Blind Cleric’s Bluff
Requires: 2 players (one in Black Robes, one in White), a d20, a d3
The Black-Robed Mage tells the Cleric a series of lies such as “I’m not evil, I just have difficulty finding Red Robes in my size”, “Cor! If you weren’t the religious type and my mind wasn’t on higher things I’d play the Tower And Portal game with you right now” or “Of course I won’t leave you to die in the Abyss, Snookums”. For each fabrication the Mage must roll a Bluff check (3 or higher on a d20 after modifiers). The Cleric is permitted a Sense Motive check to spot the fact they are being lied to (20 or higher on a d3 after modifiers).
Although more usually played by a man and a woman, it is not unheard of for Blind Cleric’s Bluff to be played by two men.
Follow That Star! or Divine Intervention
Requires: 1 God (not the One God), a number of low-level schmucks
The schmucks (or “Heroes” as they may choose to style themselves) look into the sky and observe that a certain God’s constellation is missing. They then get led round by the nose by that God until “their” adventure is over. This game should not be confused with the very similar My Worst Ever Roleplaying Experience.
Malys In Kenderland
Requires: Any number of players (1 Spellcaster, as many Kender as are in range)
Everyone wants to kill a Kender at some point in their lives but it’s rare for anyone to be lucky enough to have the chance to finish off a whole settlement, unless, of course, they’ve dedicated their lives to the pursuit of the magic necessary to make their dream possible.
Kender have had to put up with this kind of thing for years so when another newly-Tested Red Robe strolls into town with armfuls of scrolls and a Wand of Fireballs they tend to treat it as a great game. Some will just run around screaming gleefully, whilst others may try and attract the attacker’s attention by waving, taunting or jumping out at them. A few might try to put out the flames with hilariously small buckets of water, although many simply nip into their houses on the off chance that a stray Fireball might knock it down on top of them “a bit like what happened to Uncle Tas in Tarsis”.
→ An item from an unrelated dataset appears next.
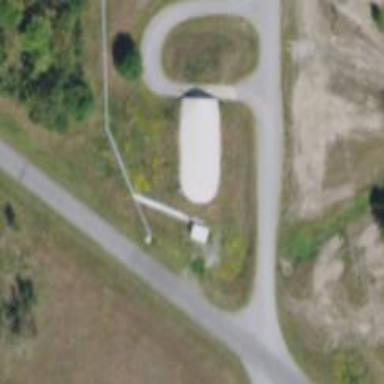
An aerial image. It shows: Military bunker.

The sadly numerous survivors of the Malys In Kenderland game like to imagine themselves scarred by their experiences, plastering their faces with white make-up, dressing all in black and writing bad poetry about death and destruction amongst the beautiful people.
Charade or Farce
Requires: 2+ players, numerous other expensive items detailed below
The player whose idea it was to play is given the arcane designation “DM” and must then proceed to purchase the Dungeon Master Guide, the Monster Manual, the DragonLance Campaign Setting, the Age of Mortals and the DM screen containing those materials accidentally left out of the DLCS. If the DM is lucky he may be able to request some, but not all, of these items as a present at Yule or even on his Day of Life’s Gift (a.k.a. Smeerpsday)
The other players or “PCs” must then each purchase his or her own copy of the Players Handbook and a handful of spiky dice. The DM might as well pick up both of those too. Whilst correcting the numerous errors in his various volumes via a combination of post-it notes and lists of errata downloaded from the internet the DM will also find himself sending the players who mistakenly bought the latest version of the PHB back to the shops because “I don’t care if my DMG is out of date, I'm not buying another single thing!”
He will then purchase the Key of Destiny adventure upon finding that he is unable to design a remotely credible or interesting campaign, having neither the materials on the Towers of High Sorcery essential to gaming with a number of black-robed wannabes nor the sourcebook on the War of the Lance period which is all that his PCs, whom he recently introduced to DL by lending out the Holy Six, are actually interested in.
The group may then begin to play a game based almost entirely on the exercise of their own imaginations for which a viable method of charging has yet to be devised, although plans proceed apace.